┌──

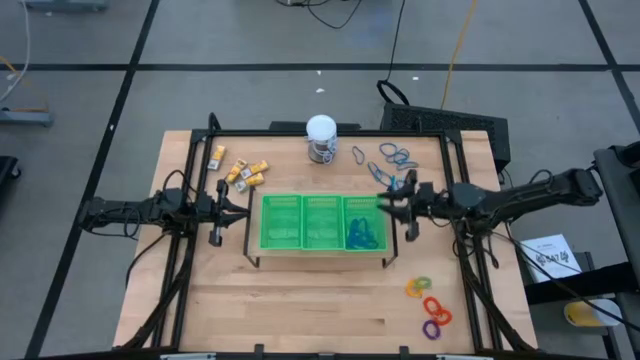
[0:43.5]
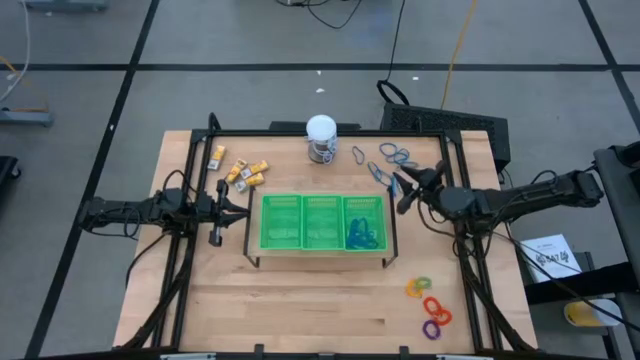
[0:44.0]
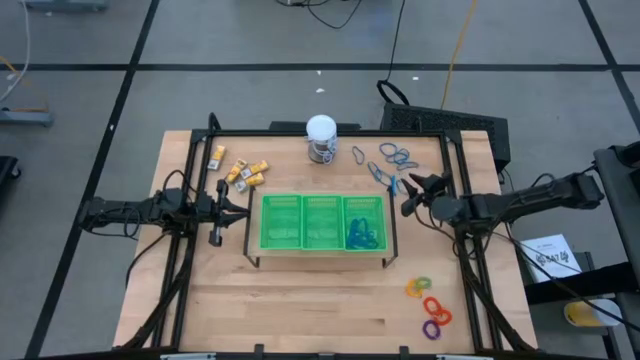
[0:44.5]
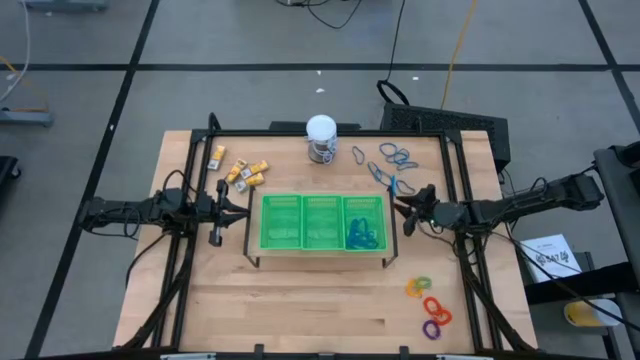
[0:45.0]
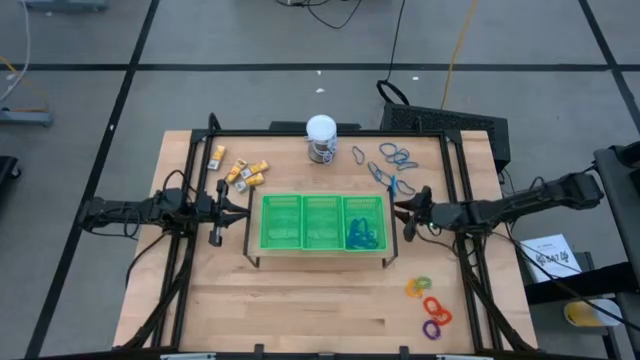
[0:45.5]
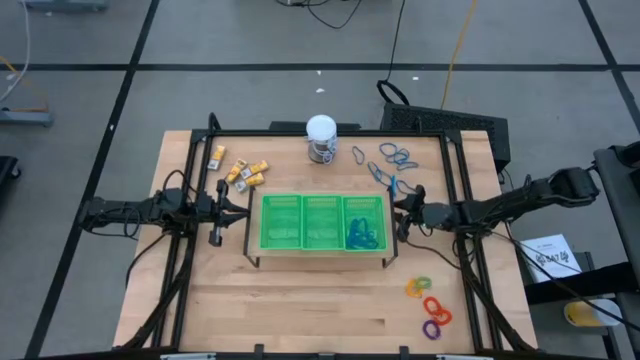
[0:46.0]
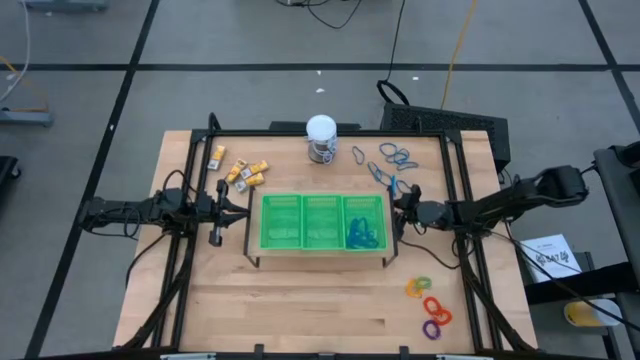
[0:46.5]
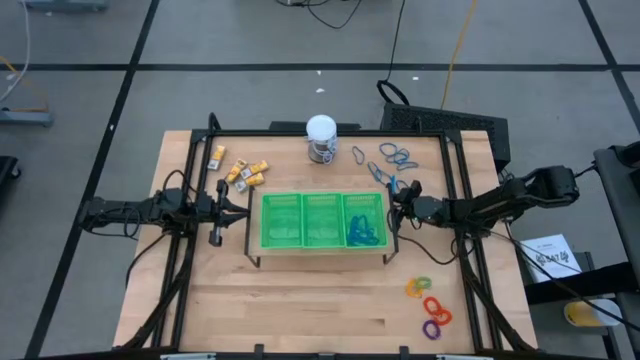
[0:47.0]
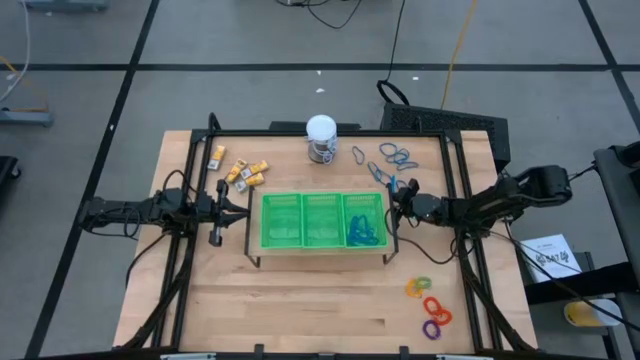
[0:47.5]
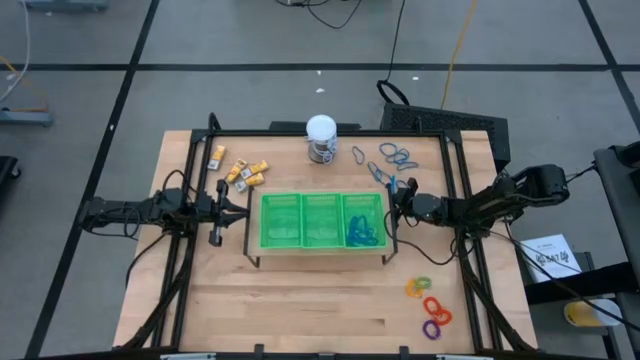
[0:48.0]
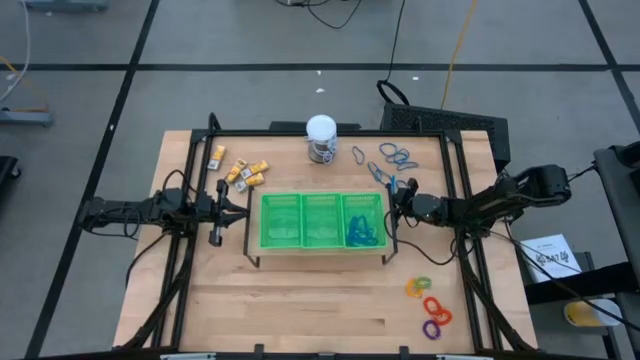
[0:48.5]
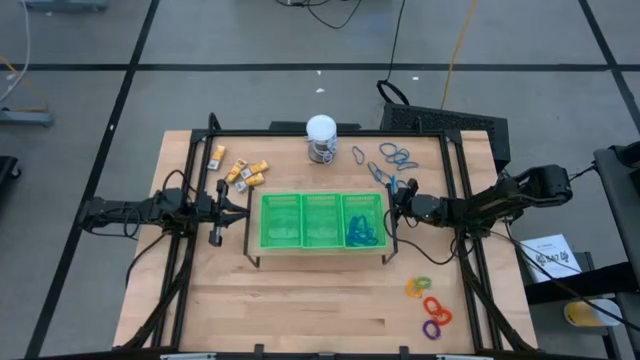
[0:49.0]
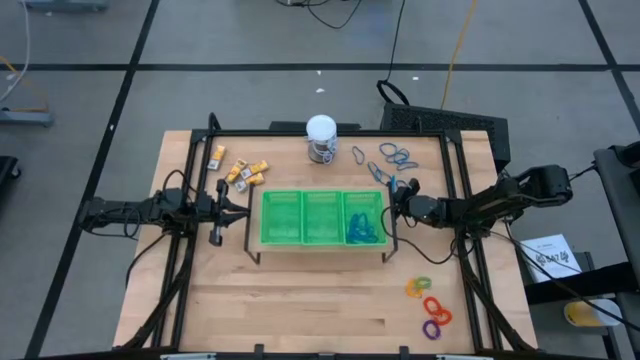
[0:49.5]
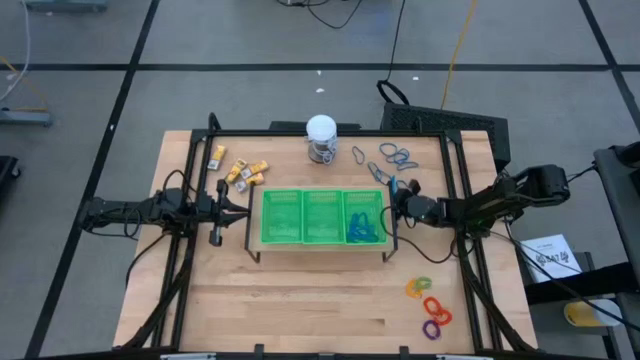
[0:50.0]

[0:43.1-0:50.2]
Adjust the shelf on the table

└──

WHAT THE TASK REQUIRES:
Your task is to transcribe all of the records precisely, with no images included.

SOLUTION TO THE PROBLEM:
[0:43.5]
[0:44.0]
[0:44.5]
[0:45.0]
[0:45.5]
[0:46.0]
[0:46.5]
[0:47.0]
[0:47.5]
[0:48.0]
[0:48.5]
[0:49.0]
[0:49.5]
[0:50.0]

[0:43.1-0:50.2]
Adjust the shelf on the table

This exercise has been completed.